Estimates suggest that the current mortality in the United States could have been reduced by 90% if measures had been put in place two weeks earlier. We have been lucky in Australia: our mortality has been low, and our case rate has been decreasing. However, it is also unlikely that a great majority of Australians has been infected already, and so absent of technology or elimination, a second wave could occur. If it does, timing of public health interventions is crucial, and these rely on a workforce that is ready to go.
Many unemployed persons in Australia could serve as a pool of workers to carry out essential public health activities, such as screening or low-risk care work, and if there are current soft restrictions preventing this, these should be interrogated. This would involve creating roles that consist of essential low-skill tasks and duties which could be implemented by the Work for the Dole program. For workers whose vocation is health care, this would create opportunities for future caring roles (e.g. aged care work), but for those whose vocation lies elsewhere, there should be appropriate help given after their duties are done. For those who can fill this workforce, they should be incentivised to do so, and these incentives should be reviewed when business-as-usual sectors become competitive alternatives. However, incentives must be carefully considered due to the inherent risks of the work and the existing vulnerabilities of workers.

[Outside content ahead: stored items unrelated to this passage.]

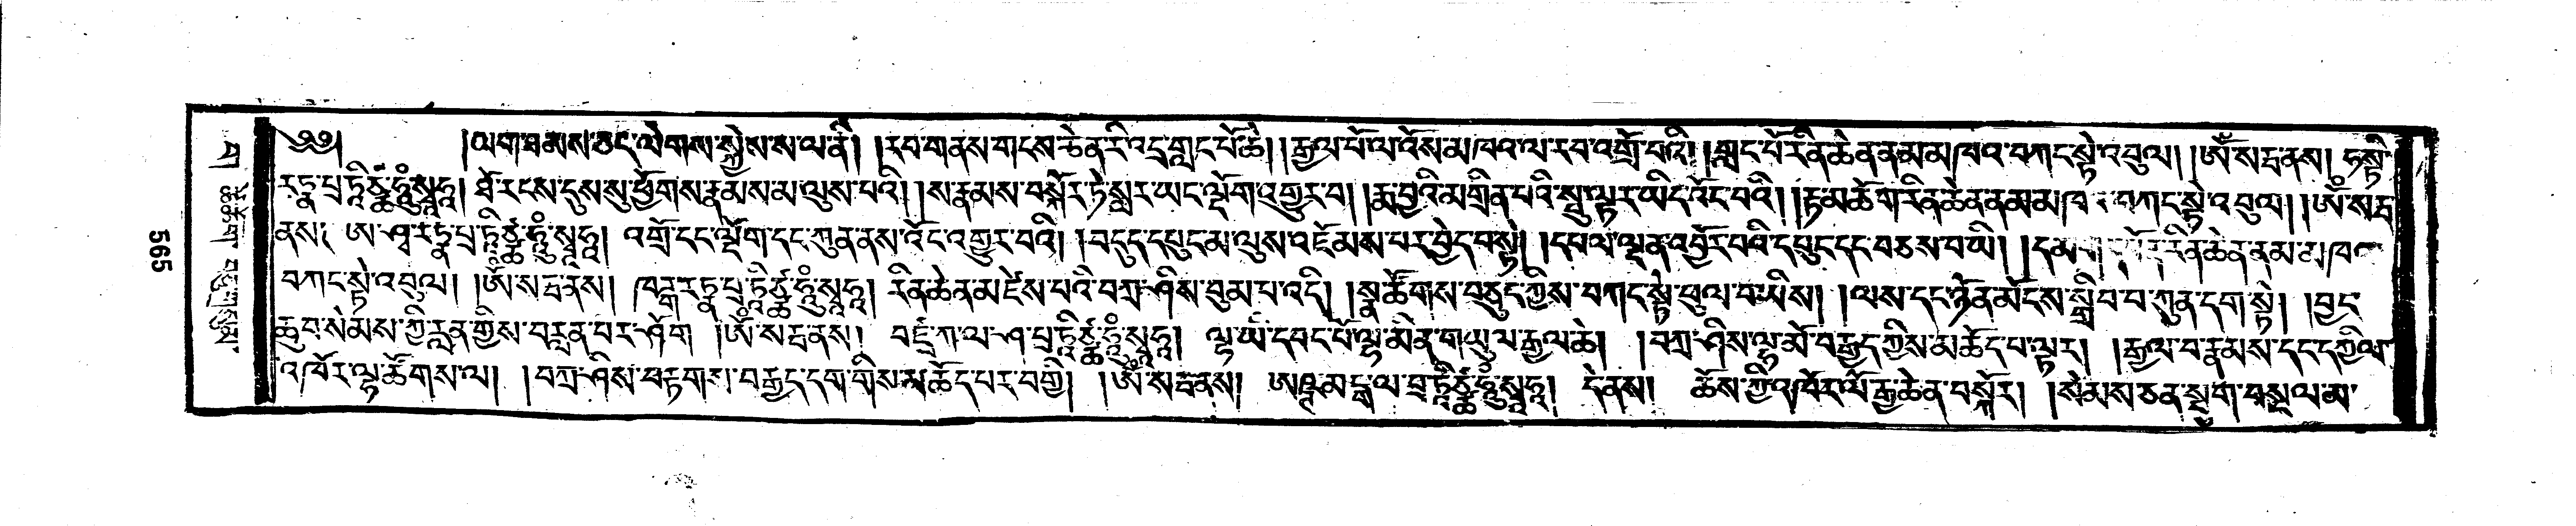༄༅། །ལག་ཐམས་ཅད་ལེགས་སྐྱེས་ས་ལ་ནི། །རབ་གནས་གངས་ཆེན་རི་འདྲ་གླང་པོ་ཆེ། །རྒྱལ་པོ་ལ་འོས་མཁའ་ལ་རབ་འགྲོ་བའི། །གླང་པོ་རིན་ཆེན་ནམ་མཁའ་བཀང་སྟེ་འབུལ། །ཨོཾ་སརྦ་ནས། ཧ་སྟེ་
རཏྣ་པྲ་ཏཱི་ཙྪ་ཧཱུཾ་སྭཱཧཱ། ཐོ་རངས་དུས་སུ་ཕྱོགས་རྣམས་མ་ལུས་པའི། །ས་རྣམས་བསྐོར་ཏེ་སླར་ཡང་ལྡོག་འགྱུར་བ། །རྨ་བྱའི་མགྲིན་པའི་སྤུ་ལྟར་ཡིད་འོང་བའི། །རྟ་མཆོག་རིན་ཆེན་ནམ་མཁའ་བཀང་སྟེ་འབུལ། །ཨོཾ་སརྦ་
ནས༑ ཨ་ཤྭ་རཏྣ་པྲ་ཏཱི་ཙྪ་ཧཱུཾ་སྭཱཧཱ། འགྲོ་དང་ལྡོག་དང་ཀུན་ནས་འོང་འགྱུར་བའི། །བདུད་དཔུང་མ་ལུས་འཇོམས་པར་བྱེད་པ་སྟེ། །དཔལ་ལྡན་འབྱོར་པའི་དཔུང་དང་བཅས་པ་ཡི། །དམག་དཔོན་རིན་ཆེན་ནམ་མཁའ་
བཀང་སྟེ་འབུལ། །ཨོཾ་སརྦ་ནས། ཁཌྒ་རཏྣ་པྲ་ཏཱི་ཙྪ་ཧཱུཾ་སྭཱཧཱ། རིན་ཆེན་མཛེས་པའི་བཀྲ་ཤིས་བུམ་པ་འདི། །སྣ་ཚོགས་བཅུད་ཀྱིས་བཀང་སྟེ་ཕུལ་བ་ཡིས། །ལས་དང་ཉོན་མོངས་སྒྲིབ་པ་ཀུན་དག་སྟེ། །བྱང་
ཆུབ་སེམས་ཀྱི་རླན་གྱིས་བརླན་པར་ཤོག །ཨོཾ་སརྦ་ནས། བཛྲ་ཀ་ལ་ཤ་པྲ་ཏཱི་ཙྪ་ཧཱུཾ་སྭཱཧཱ། ལྷ་ཡི་དབང་པོ་ལྷ་མིན་གཡུལ་རྒྱལ་ཆེ། །བཀྲ་ཤིས་ལྷ་མོ་བརྒྱད་ཀྱིས་མཆོད་པ་ལྟར། །རྒྱལ་བ་རྣམས་དང་དཀྱིལ་
འཁོར་ལྷ་ཚོགས་ལ། །བཀྲ་ཤིས་བརྟགས་བརྒྱད་དག་གིས་མཆོད་པར་བགྱི། །ཨོཾ་སརྦ་ནས། ཨཥྚ་མངྒ་ལ་པྲ་ཏཱི་ཙྪ་ཧཱུཾ་སྭཱཧཱ། དེ་ནས། ཆོས་ཀྱི་འཁོར་ལོ་རྒྱ་ཆེན་བསྐོར། །སེམས་ཅན་སྡུག་བསྔལ་མ་

For those who are looking online for these jobs, advertisements should be made easy to find. Currently, if one searches 'COVID' in an attempt to participate in this workforce, they are likely to find false-positive results at a rate 3:1 (e.g. a job advertisement which has in its description ‘due to COVID, we are temporarily suspending hiring’). Making pandemic workforce jobs easier to find would be a simple matter of a check-box which advertisers could fill to flag their job as part of the response.
The other important piece of the puzzle is to have a solid plan of attack. At the time of writing, the current Australian COVID-19 health-system response plan is vague about what will need to be done during the ‘stand-down’ and ‘preparedness’ phases. There needs to be a clear way forward, which estimates how many workers will be needed, and errs on the side of generosity lest we are underprepared.
Rory Watts is a PhD candidate with the School of Population and Global Health at UWA. He thanks his supervisors Dr Ian Li, Dr Devin Bowles and Professor Colleen Fisher for their continued support. Views in this piece are his own.